▶ Work task: Keep every word of the entries and print them exactly; the pictures stay out.

(Items from a dataset)
= Beginning of Section =
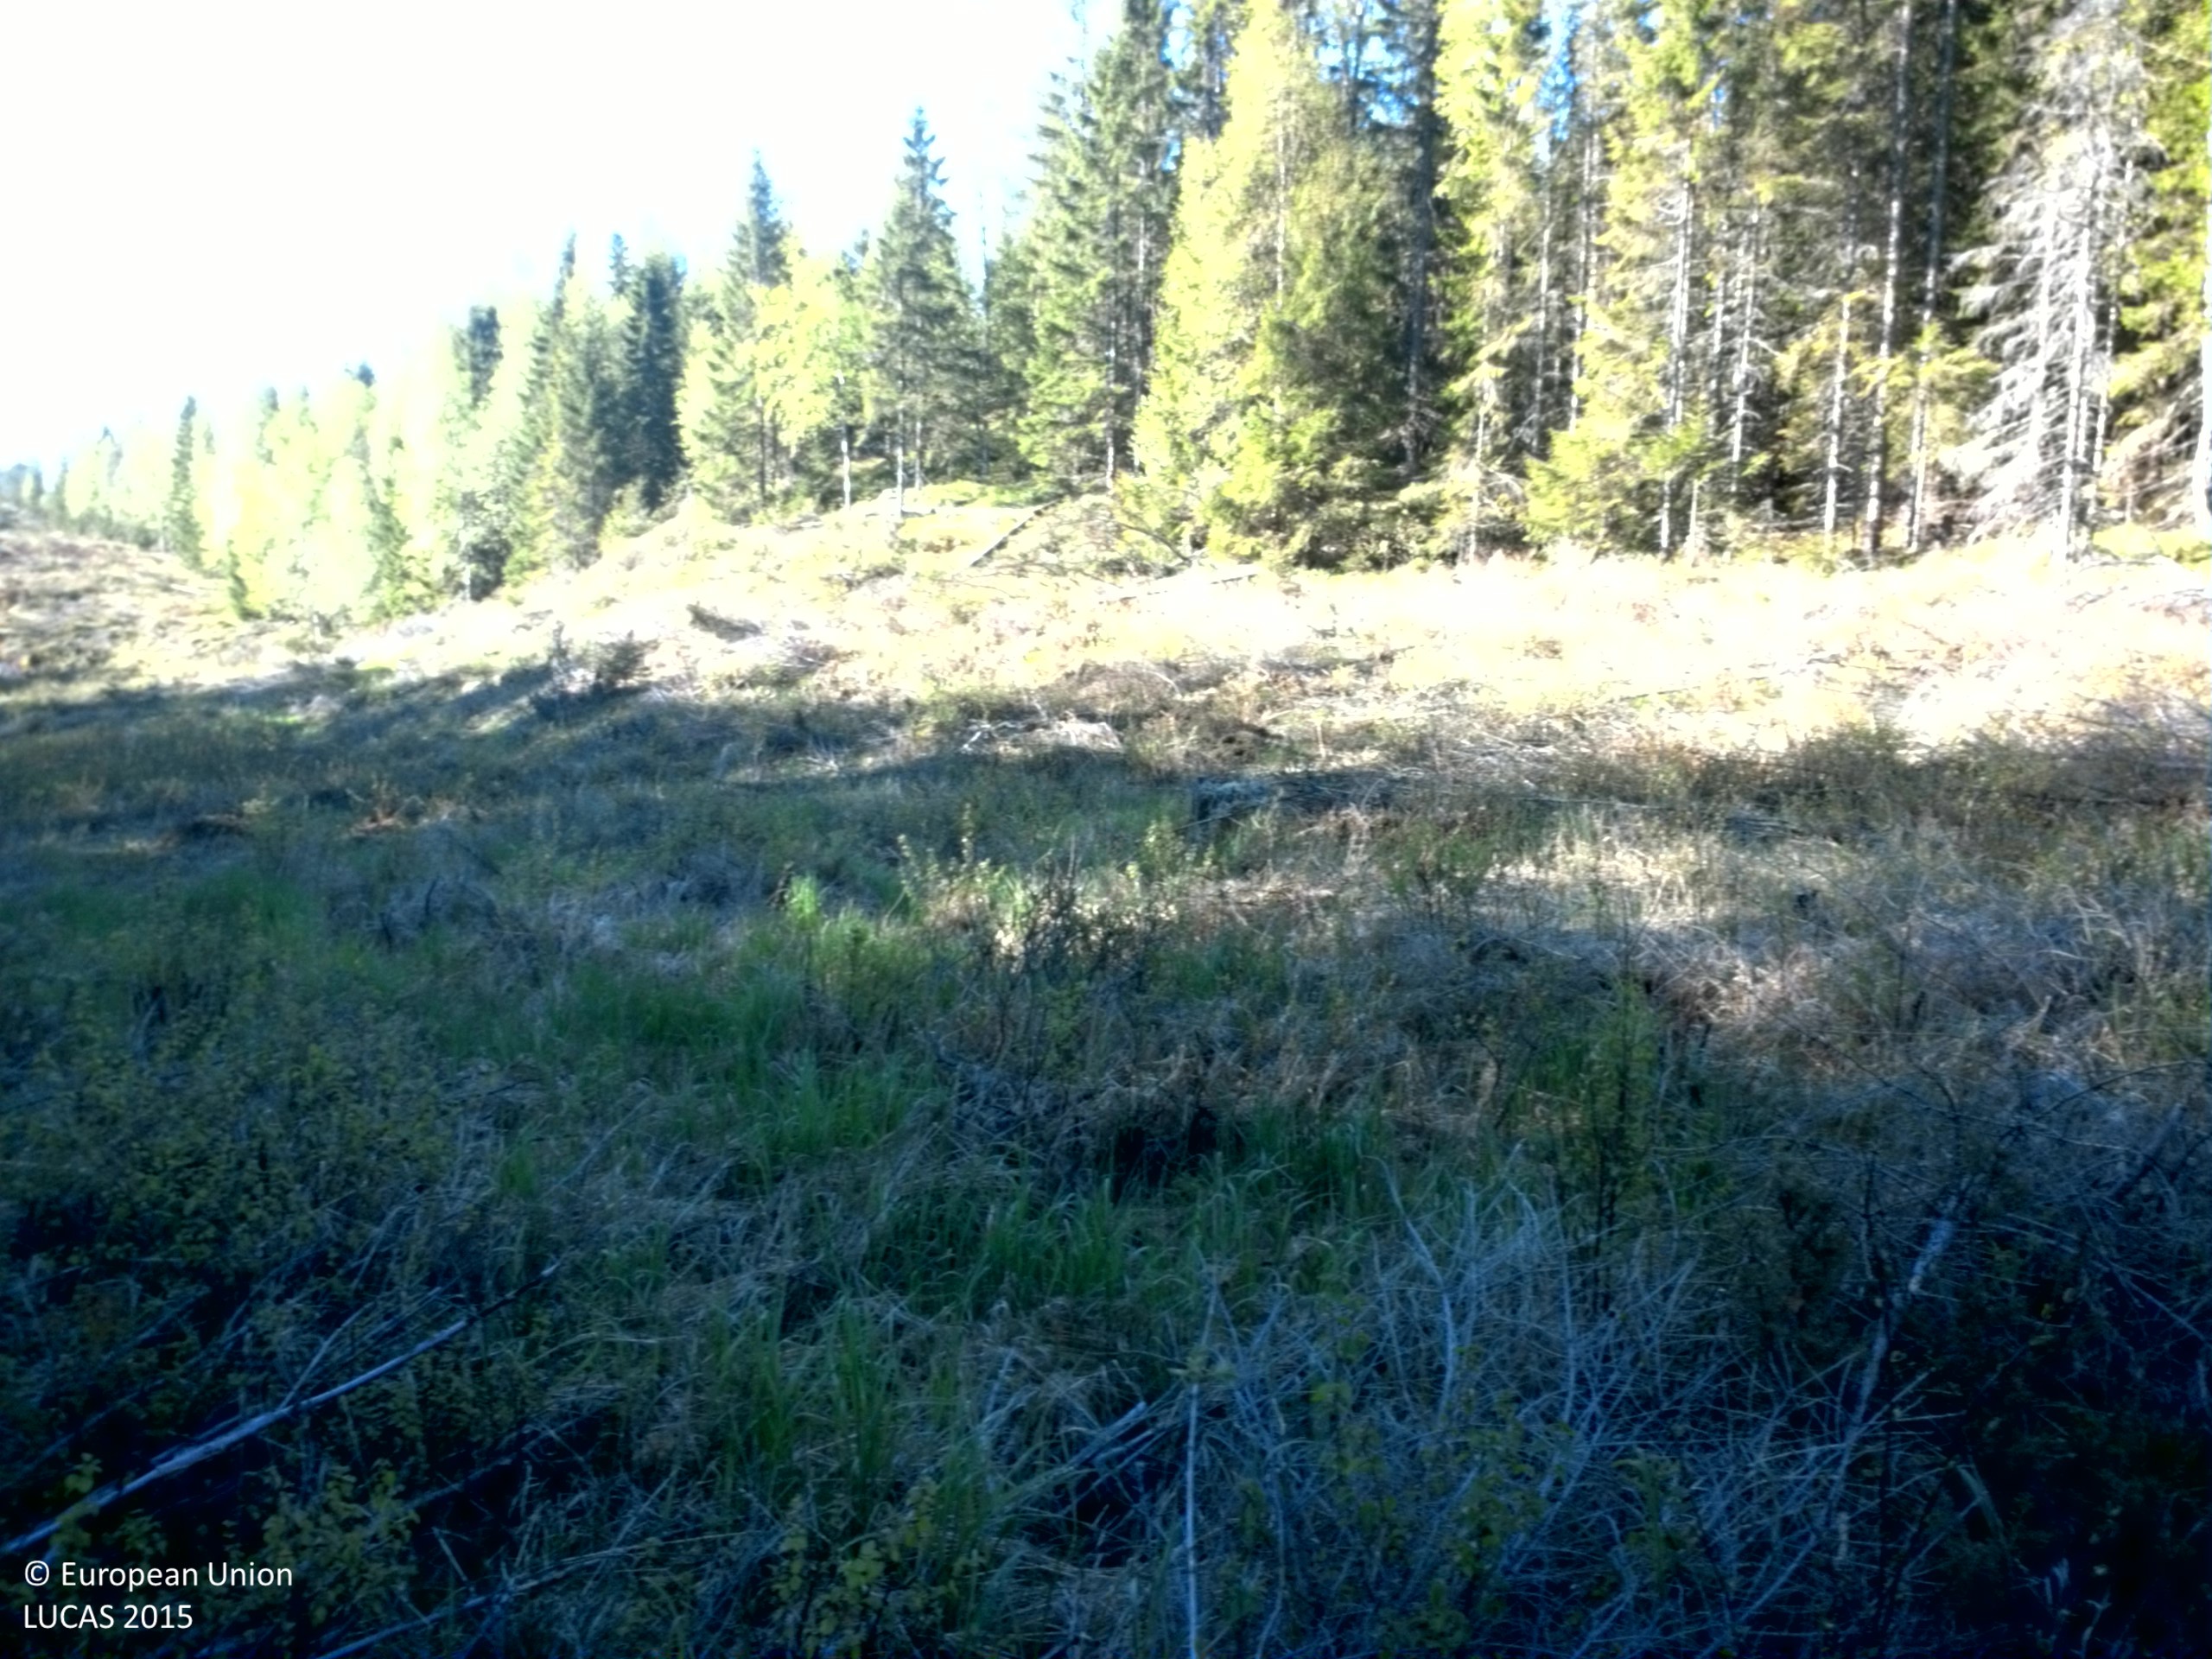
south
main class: Artificial land
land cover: Other artificial areas
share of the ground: > 75 %
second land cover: Broadleaved woodland
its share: 50 - 75 %
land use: Electricity, gas and thermal power distribution
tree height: < 5 m
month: May
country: SE
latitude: 63.0055
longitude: 17.8570
= End of Section =
▶ Result of the exercise:
south
main class: Artificial land
land cover: Other artificial areas
share of the ground: > 75 %
second land cover: Broadleaved woodland
its share: 50 - 75 %
land use: Electricity, gas and thermal power distribution
tree height: < 5 m
month: May
country: SE
latitude: 63.0055
longitude: 17.8570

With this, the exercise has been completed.